The apostle Paul warned that “the wages of sin is death” (Romans 6:23)—spiritual death. Hell is an unpleasant reality, but ignoring it won’t make it go away. Eternal damnation is a biblical reality that must be expressed soberly and pleadingly. We cannot possibly overstate the horrific experience of the damned but we can understate it with expressions like “separation from God,” or “a Christless eternity.” Such terminology betrays the force with which Scripture speaks:
[They] will be tormented with fire and brimstone in the presence of the holy angels and in the presence of the Lamb. And the smoke of their torment goes up forever and ever; they have no rest day and night. (Revelation 14:10–11)

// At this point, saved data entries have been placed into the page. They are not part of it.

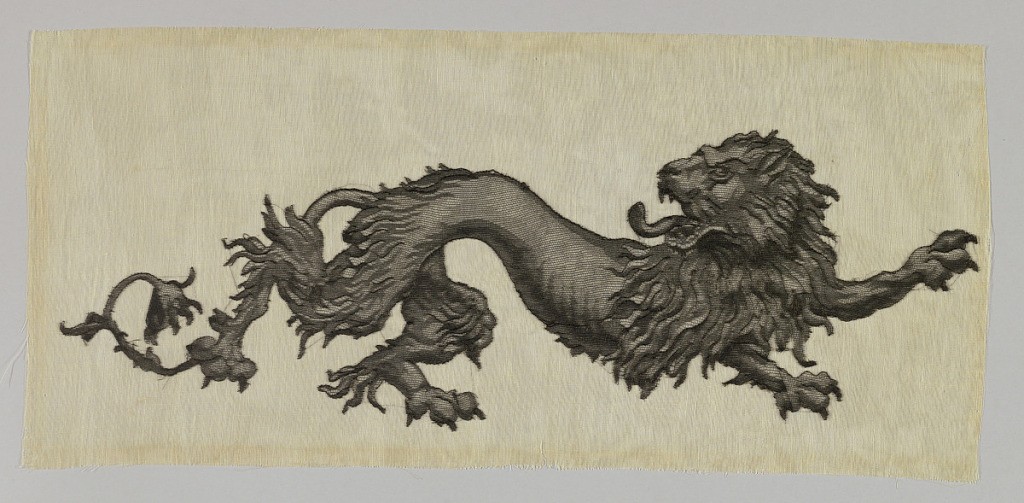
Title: Decoration
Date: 19th century
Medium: silk Technique: machine made
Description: Fragment of black lace in the form of a jumping lion. Mounted on net.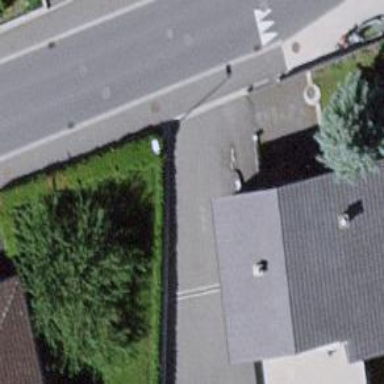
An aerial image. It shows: Hedge acting as barrier.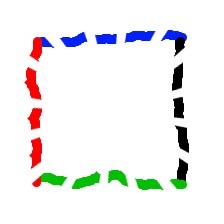
Shape: square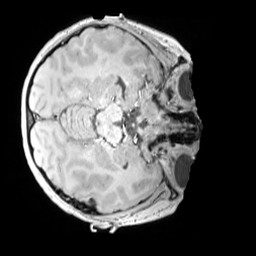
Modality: MP2RAGE
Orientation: axial
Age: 10
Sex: male
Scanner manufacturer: siemens
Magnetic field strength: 3 T
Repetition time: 4 s
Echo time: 0.00303 s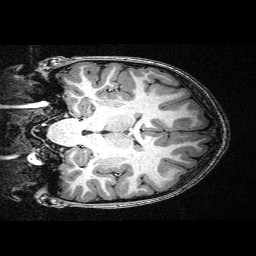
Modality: T1w
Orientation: coronal
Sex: female
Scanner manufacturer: siemens
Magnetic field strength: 3 T
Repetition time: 2.3 s
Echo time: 0.00336 s
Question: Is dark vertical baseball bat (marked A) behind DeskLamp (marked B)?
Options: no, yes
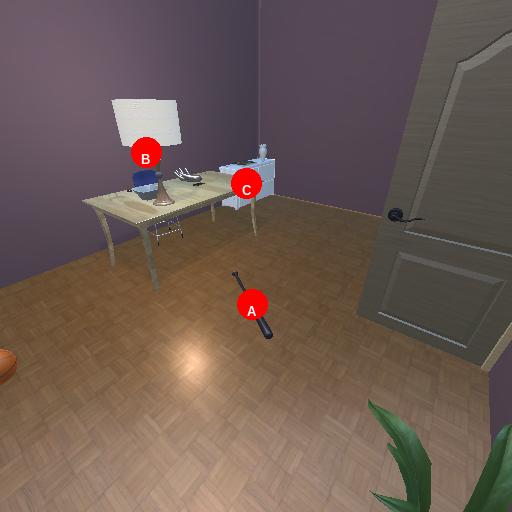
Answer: no
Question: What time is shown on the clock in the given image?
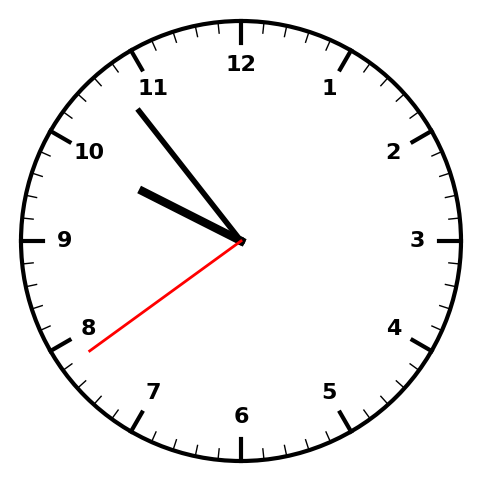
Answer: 09:53:39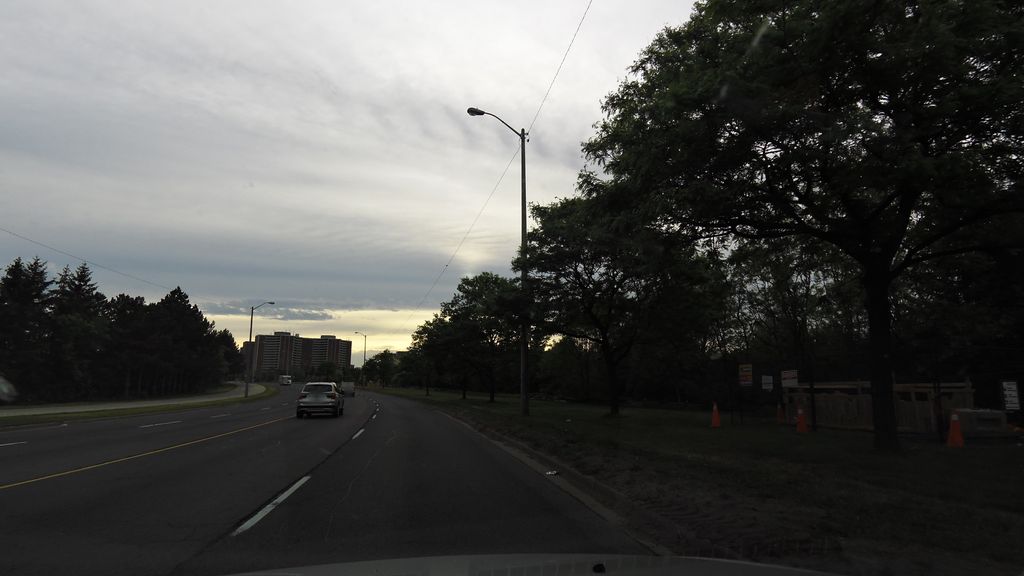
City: toronto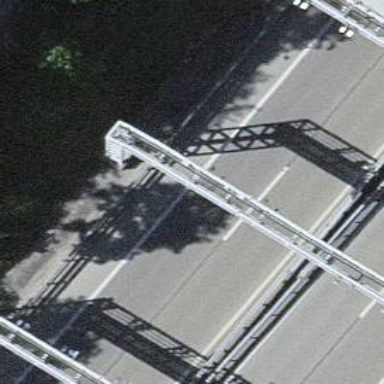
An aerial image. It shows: Gantry structure.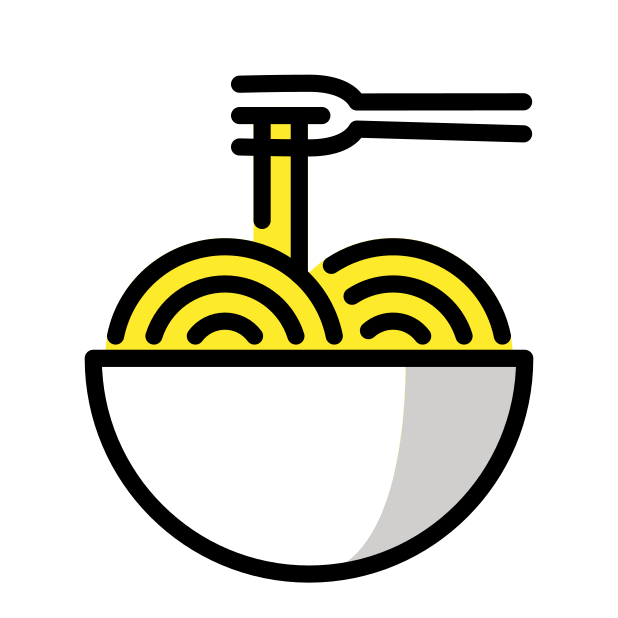
Emoji: 🍝
Name: spaghetti
Unicode: 0x1f35d

Believers need to avoid the insidious trend of ignoring the horrors and eternality of hell. One of the major motivating factors behind preaching and evangelism is the stark reality that people are going to hell. The eternality and severity of hell ought to correspond to the intensity of our drive to reach the lost.
What Christ Has Done
Jesus Christ alone provides the means by which sinners can be saved. The facts of His life, death, and resurrection contain the essence of the gospel message.
Christ’s thirty-three years of earthly life were a righteous fulfillment of all God’s laws that we have sinfully broken (Matthew 5:17). He died as a sin-bearing substitute, suffering God’s holy wrath in the place of sinners (Romans 3:25–26; 2 Corinthians 5:21). And His resurrection proves that His sacrifice was sufficient (Romans 4:23–25; 1 Corinthians 15:3–4). John MacArthur elaborates:
The bodily resurrection of Christ is a fundamental doctrine, because 1 Corinthians 15:14 tells us, “If Christ has not been raised, then our preaching is vain, your faith also is vain.” Romans 10:9 confirms that the resurrection is a fundamental doctrine, and adds another: the lordship of Christ. “If you confess with your mouth Jesus as Lord, and believe in your heart that God raised Him from the dead, you shall be saved.”[5] Reckless Faith, 112.

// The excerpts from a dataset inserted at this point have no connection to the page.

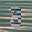
Label: 3
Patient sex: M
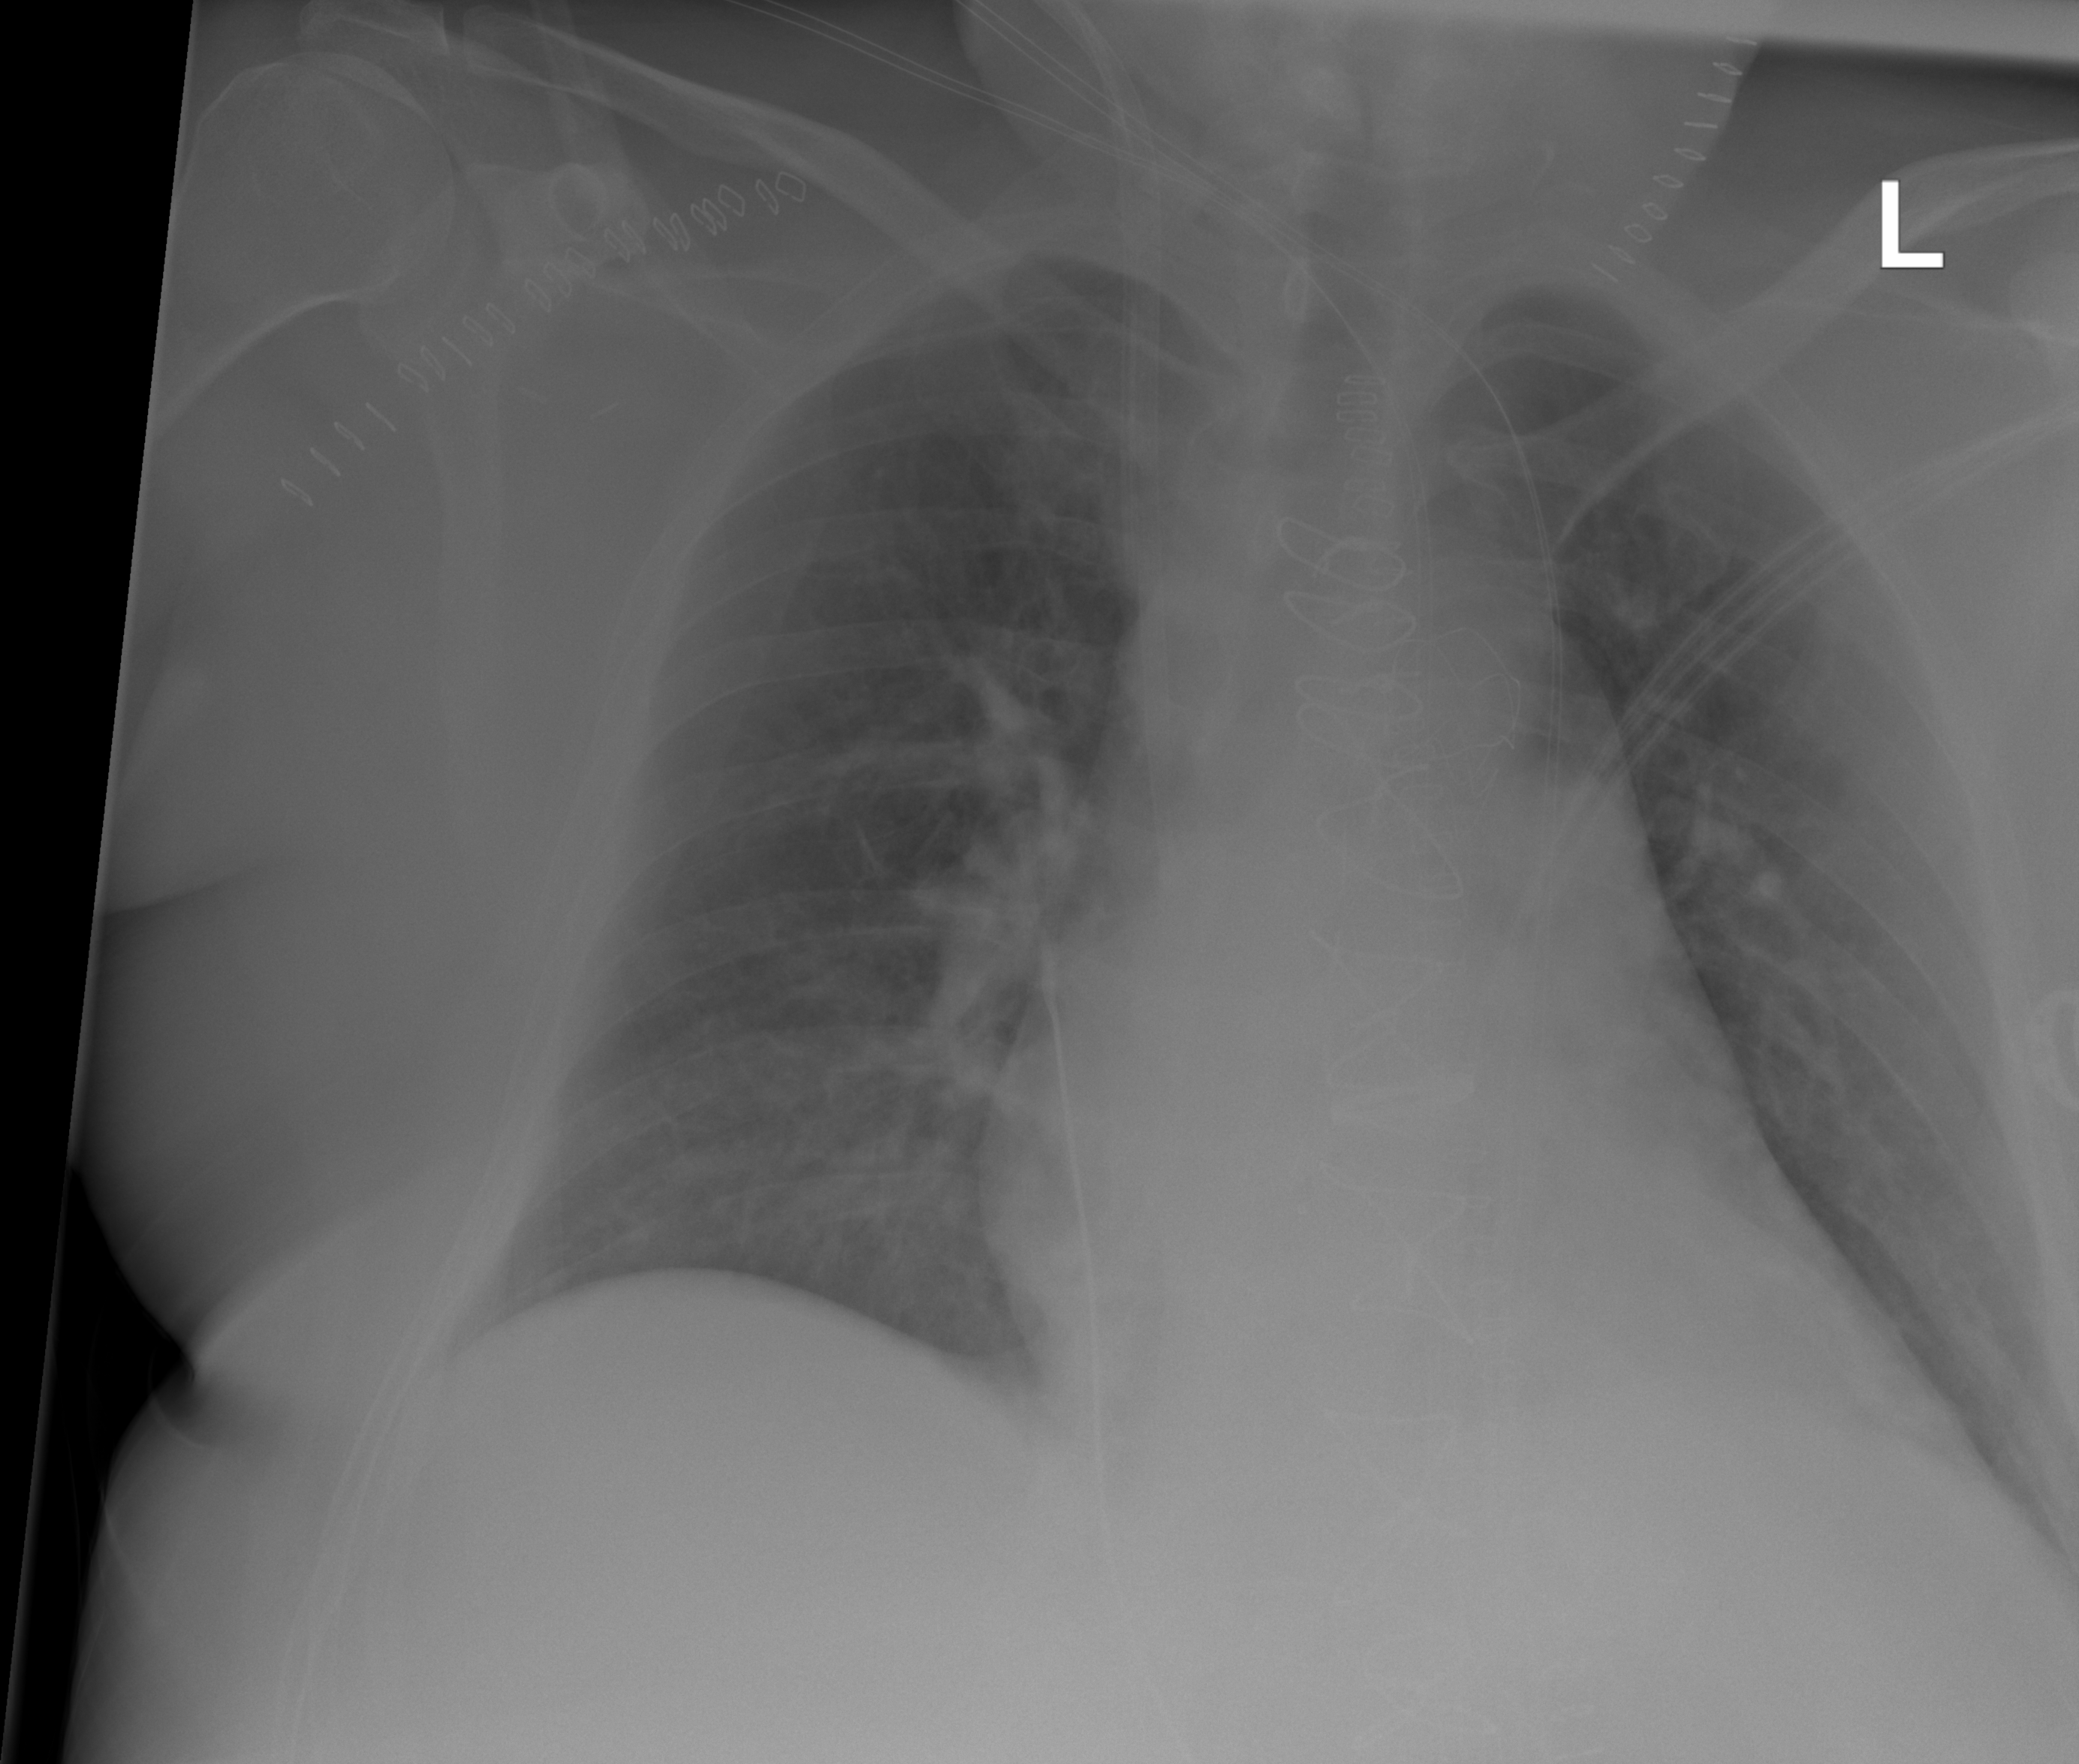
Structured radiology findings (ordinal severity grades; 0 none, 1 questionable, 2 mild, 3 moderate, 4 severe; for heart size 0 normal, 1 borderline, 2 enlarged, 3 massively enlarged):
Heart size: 0
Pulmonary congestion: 0
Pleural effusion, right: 0
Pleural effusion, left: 0
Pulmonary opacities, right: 2
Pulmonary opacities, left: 2
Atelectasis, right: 0
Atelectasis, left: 2

There is a major implication in confessing Jesus as Lord: Trusting Him as Savior also means submitting to His lordship.
What Christ Demands
Saving faith goes far beyond verbal acknowledgment or mental agreement. Saving faith is a repentant faith. Turning to Christ in faith always implies turning away from sin. That’s why Jesus said: “Unless you repent, you will all likewise perish” (Luke 13:3, 5). Those who confess faith in Christ but continue to engage in a lifestyle of unrepentant sin are not justified by faith because their “faith” is a false faith (1 John 3:4–10). It is only the faith evidenced by repentance that is true justifying faith. John MacArthur explains the importance of this doctrine:
According to Romans 4:4–5, justification by faith is a fundamental doctrine as well: “Now to the one who works, his wage is not reckoned as a favor, but as what is due. But to the one who does not work, but believes in Him who justifies the ungodly, his faith is reckoned as righteousness” (emphasis added). In other words, those who seek acceptance before God on the ground of their own righteousness will find they fall short (Romans 3:27–28; Galatians 2:16–3:29). Only those who trust God to impute Christ’s perfect righteousness to them are accounted truly righteous. This is precisely the difference between Roman Catholic doctrine and the Gospel set forth in Scripture. It is at the heart of all doctrine that is truly fundamental.[6] Reckless Faith, 112.
Though they can be listed in different ways, fundamental doctrines concerning salvation always revolve around the core truths of who God is, who man is, what Christ has done, and what Christ demands of the sinner. They are not up for debate or compromise—they simply must be affirmed.